Mike Giddings of Proscout, Inc., added that "Gradishar could cover the "Y" flat on a weakside linebacker blitzed. In recent times only Gradishar and Lambert could do that". Additionally, coach Joe Collier would have a unique coverage on a strong-side blitz in which Gradishar, the right inside linebacker would be responsible to cover the tight end, man-to-man, on any "up" route in the "seam", which would be on the opposite side of the formation. To do so he would have to take the exact angle to get proper depth while going across the field and an angle, according to Giddings, Gradishar "could, and did".

In January 2008, he was voted by a panel of former NFL players and coaches to Pro Football Weeklys All-Time 3-4 defensive team along with Harry Carson, Lawrence Taylor, Andre Tippett, Howie Long, Lee Roy Selmon, and Curley Culp.

Gradishar retired after the 1983 season, finishing his career with the NFL record for most tackles all time with 2,049, and 20 interceptions, which he returned for 335 yards and three touchdowns.
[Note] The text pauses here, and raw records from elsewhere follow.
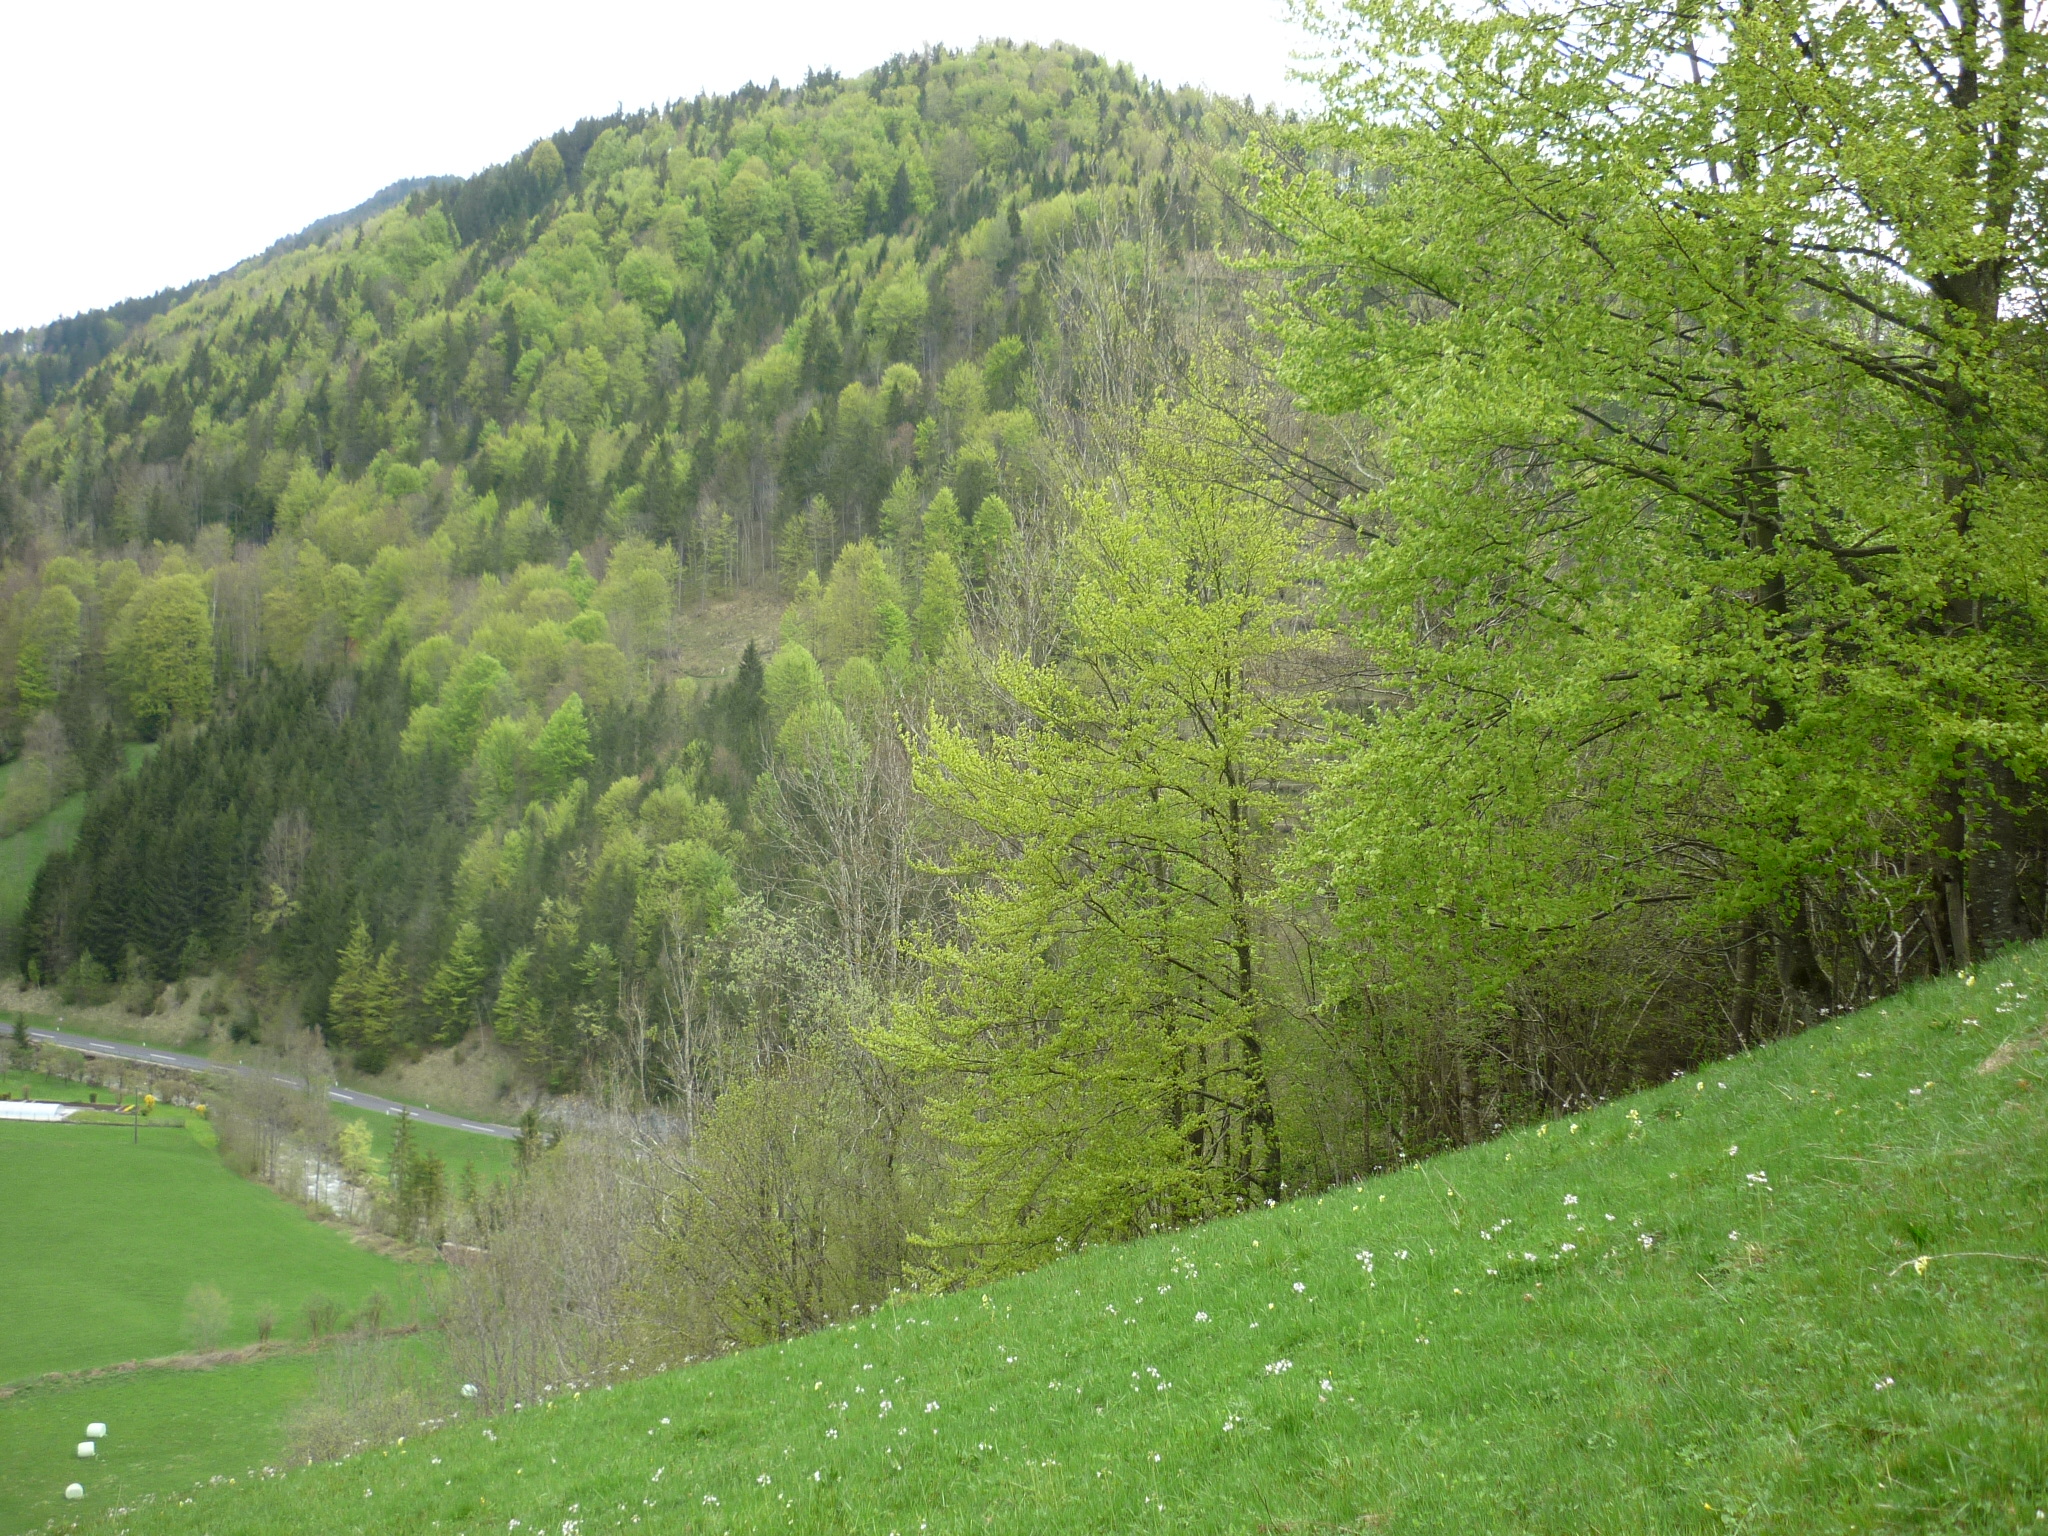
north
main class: Grassland
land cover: Grassland without tree/shrub cover
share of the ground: > 75 %
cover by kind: herbaceous plants 90 %, lichens and mosses 5 %, unconsolidated bare surface 5 %
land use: Agriculture (excluding fallow land and kitchen gardens)
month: May
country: AT
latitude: 47.7142
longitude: 14.5716
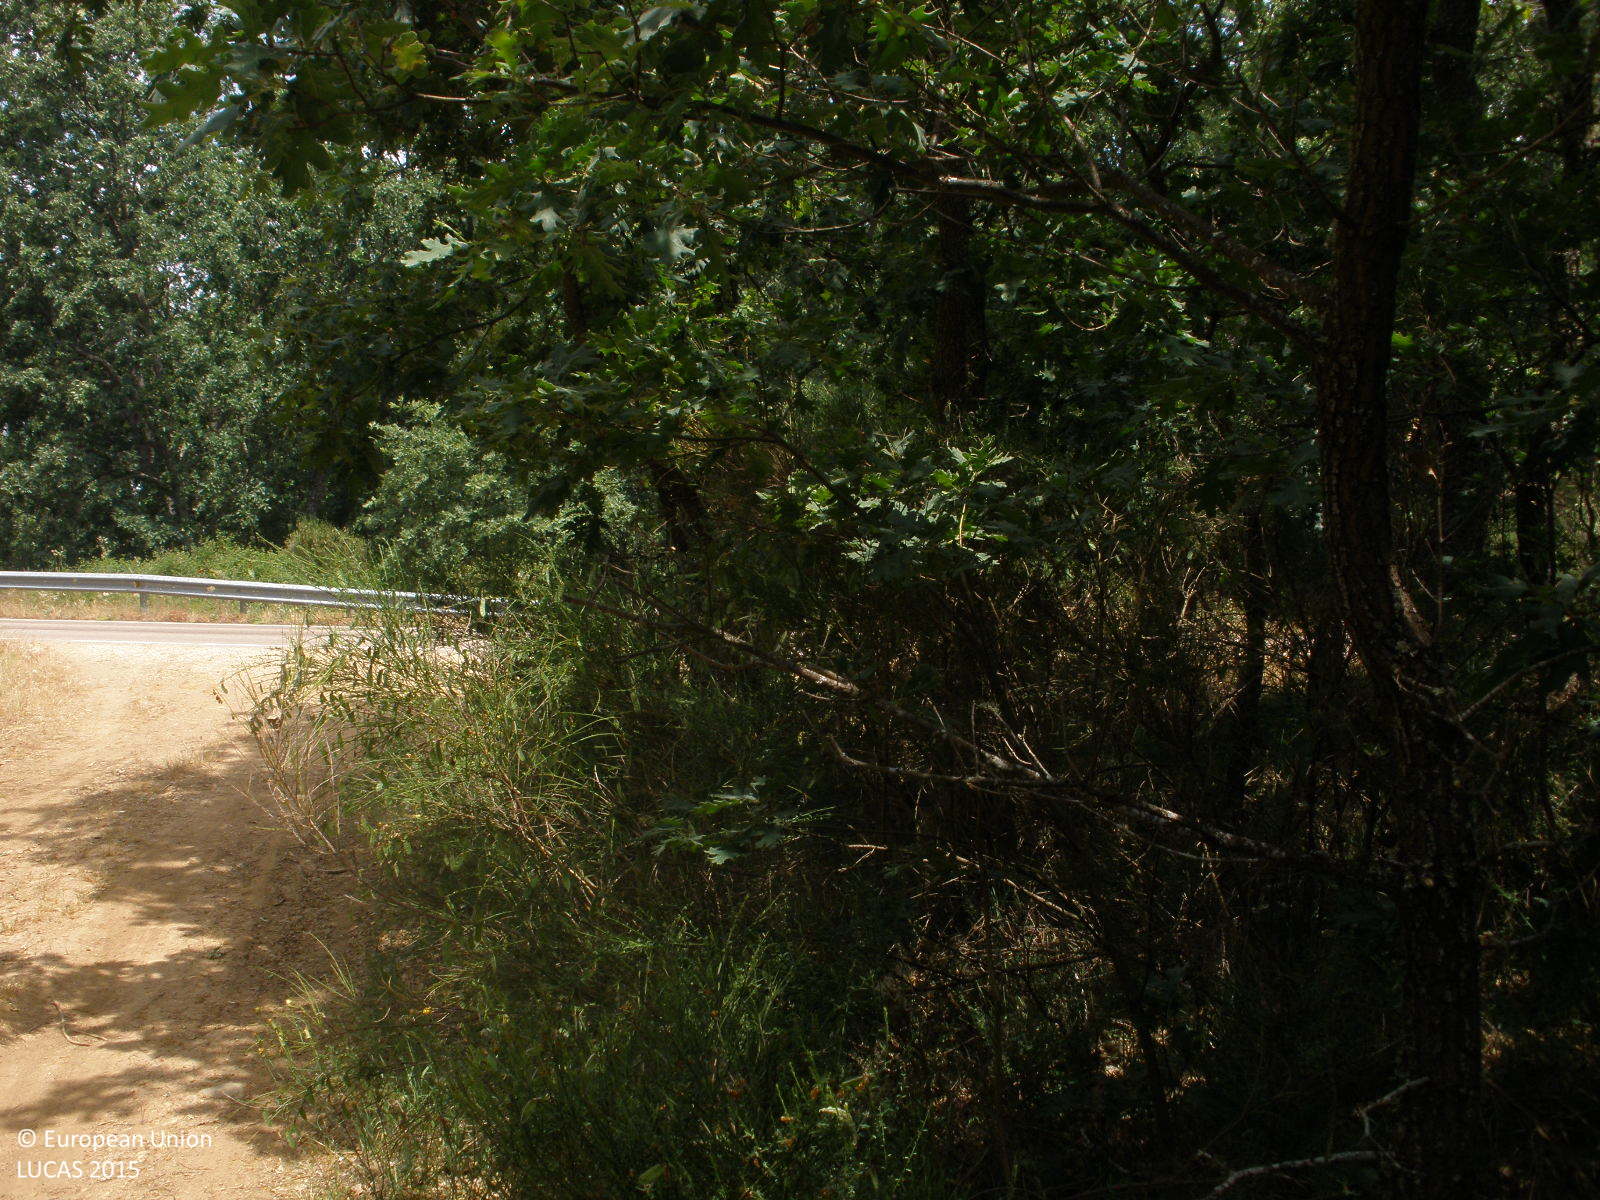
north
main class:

He also recovered 13 fumbles, returning them for 72 yards and one touchdown. He also recorded 20 sacks according to Bronco team records.

After his retirement, Gradishar was nominated for the Pro Football Hall of Fame multiple times, was not enshrined until 2024. He was among the 15 finalists in 2003 and 2008, and made the top 25 list in 2005 and 2007. The closest he came to induction prior to 2024 was the day before the 2003 Super Bowl, when he made it to list of final ten. In August 2023, Gradishar, along with Art Powell and Steve McMichael, was selected as a senior finalist to the Hall of Fame's Class of 2024. On February 8, 2024, Gradishar was officially selected for induction, becoming the first member of the 1977 Denver Broncos to be selected to the Hall of Fame.
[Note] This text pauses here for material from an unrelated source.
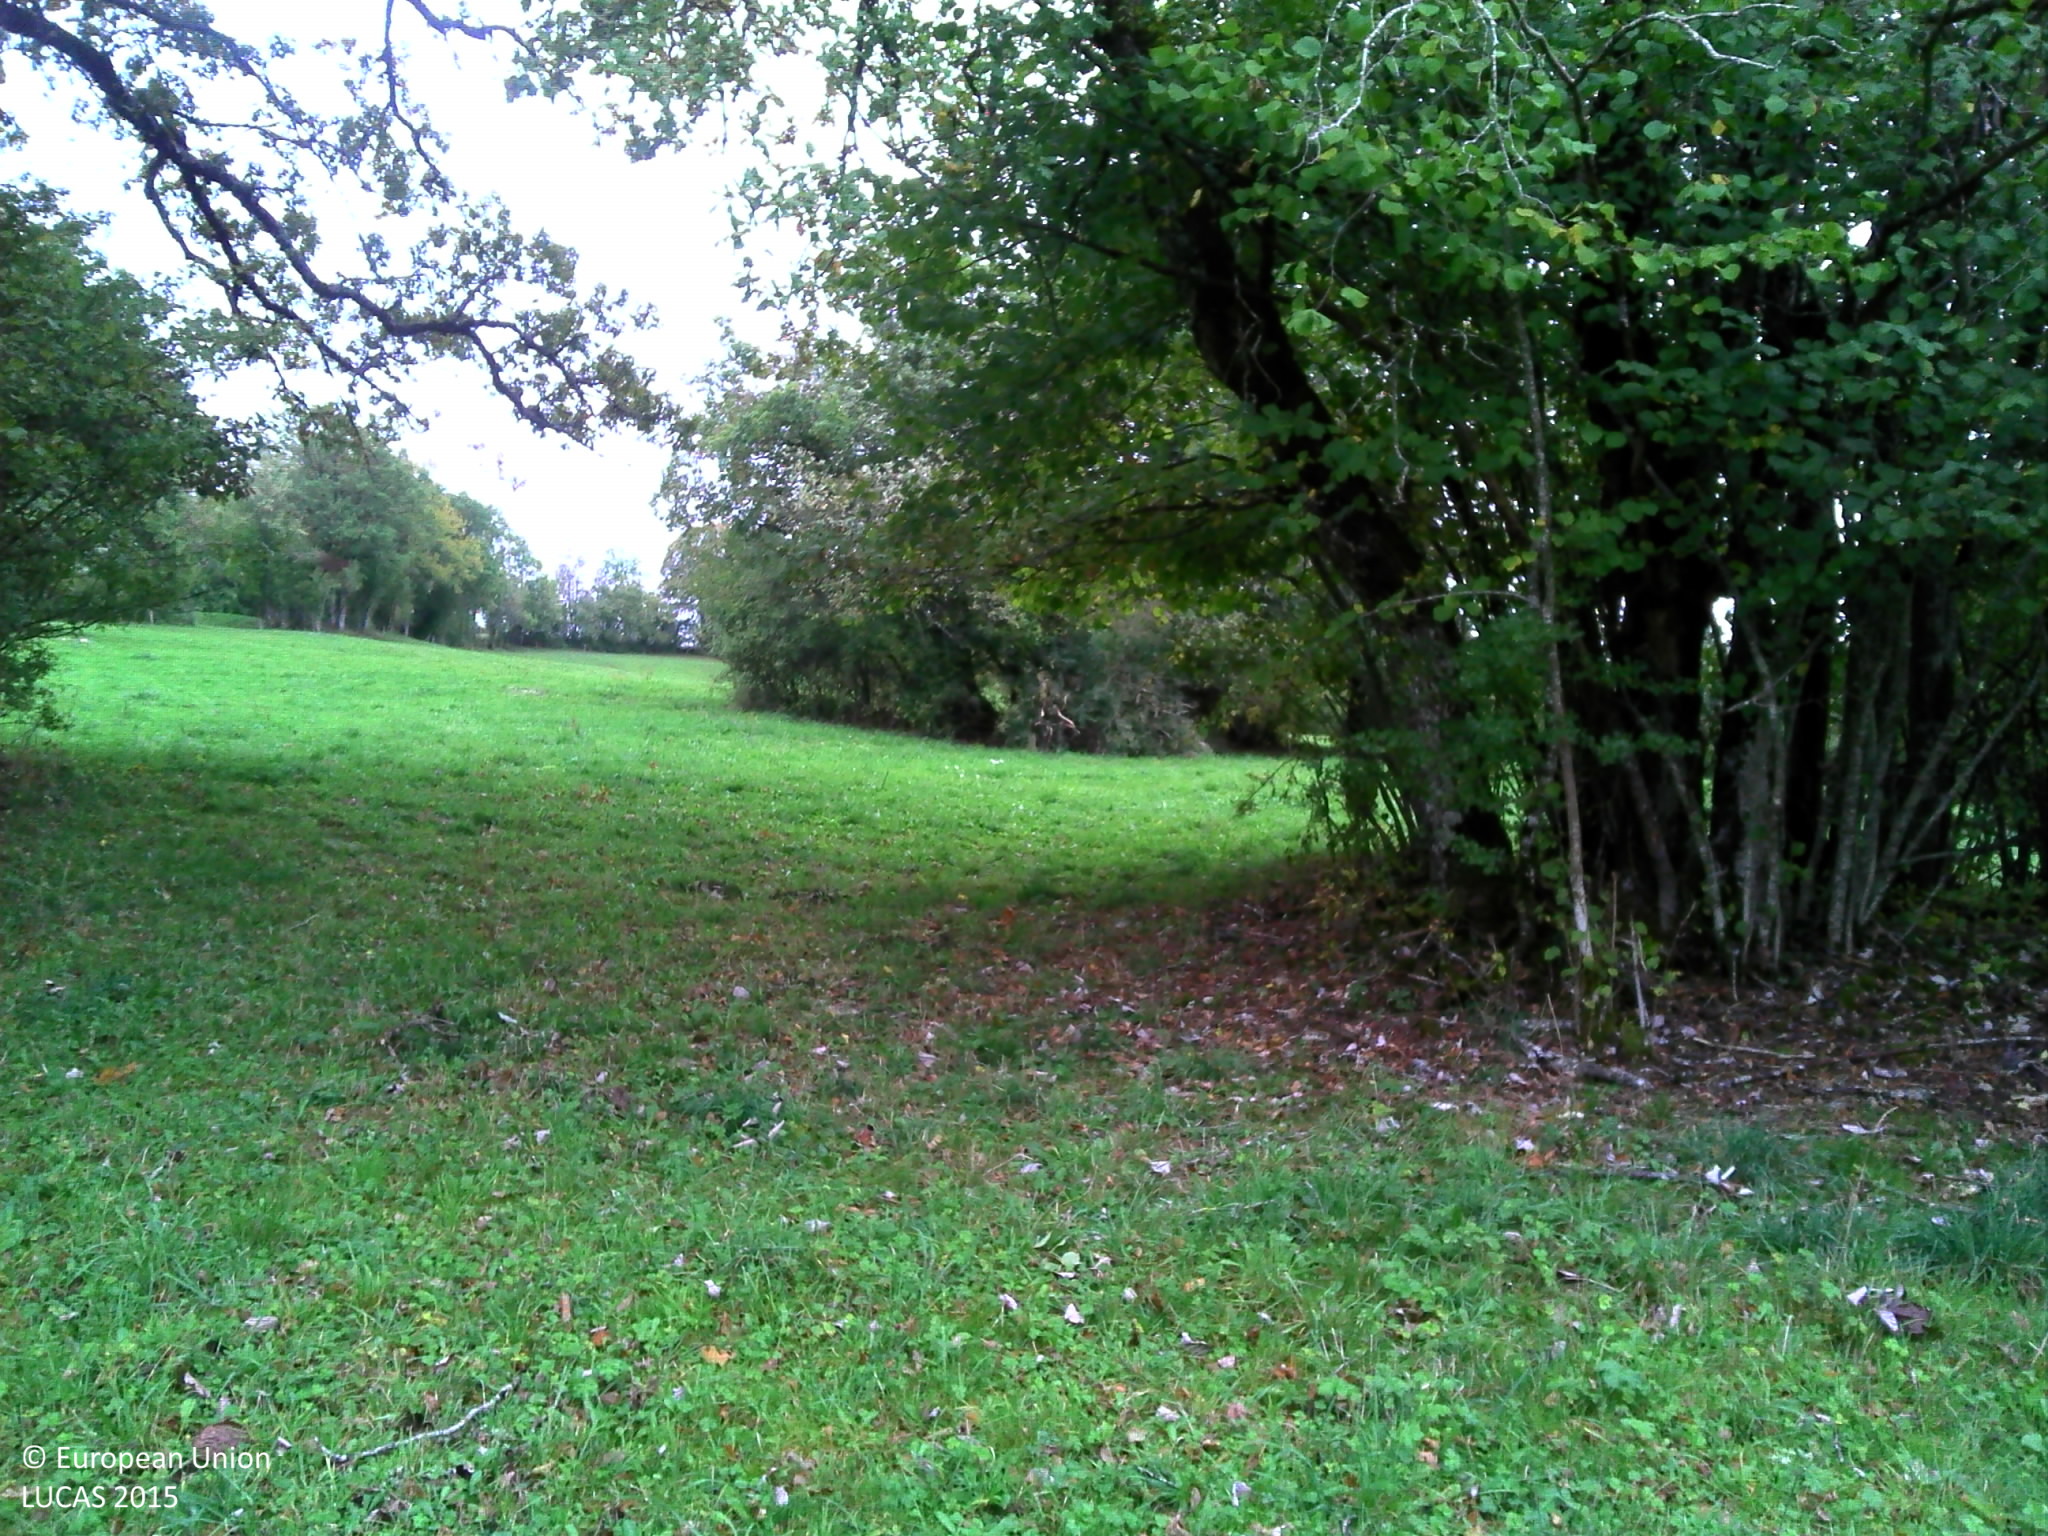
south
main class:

Gradishar was inducted to the Broncos' Ring of Fame in 1989 and into the Colorado Sports Hall of Fame in 1987. The Professional Football Researchers Association named Gradishar to the PRFA Hall of Very Good Class of 2008.

==Post-NFL activities==
- Has made several trips to the Middle East, visiting troops in Iraq and Afghanistan, as well as visiting Kyrgyzstan, Kuwait, Bahrain, Saudi Arabia, the United Arab Emirates and Qatar.
- Was president of the Denver Broncos Youth Foundation from 1982 to 1992
- Served on the NFL Players Special Advisory Council from 1992 to 1995.
- Currently the Corporate Communications Ambassador for the Phil Long car dealerships in Colorado.
- Has a left ring finger shaped like the number "7".
- Was sympathetic to college coach Woody Hayes when he punched a player in the 1978 Gator Bowl. Gradishar knew Hayes would be fired but stated publicly that "We all go off the deep end sometimes. Woody just happened to do it in front of millions of people." Gradishar emphasized the positive aspects of Hayes: "Every time you talked to him, it was, 'How are you doing in school, when are you going to graduate, are you going to be a doctor or a lawyer?
- Worked with Promise Keepers in Denver from 1994–97.
- Participated in the Susan G. Komen for the Cure celebrity race to raise awareness and funds for research into curing breast cancer.
- Serves as an Honorary Chair for the Susan G. Komen for the Cure organization.
- Is president of the Phil Long Community Fund, a non-profit organization that provides financial resources to help champion self-esteem and the leadership of young people through excellence in education, sports, and recreation.
- Known for wearing a rare Riddell mask that Helmet Hut expert Dr. DelRye thought was one of the few Riddell models that "looked cool".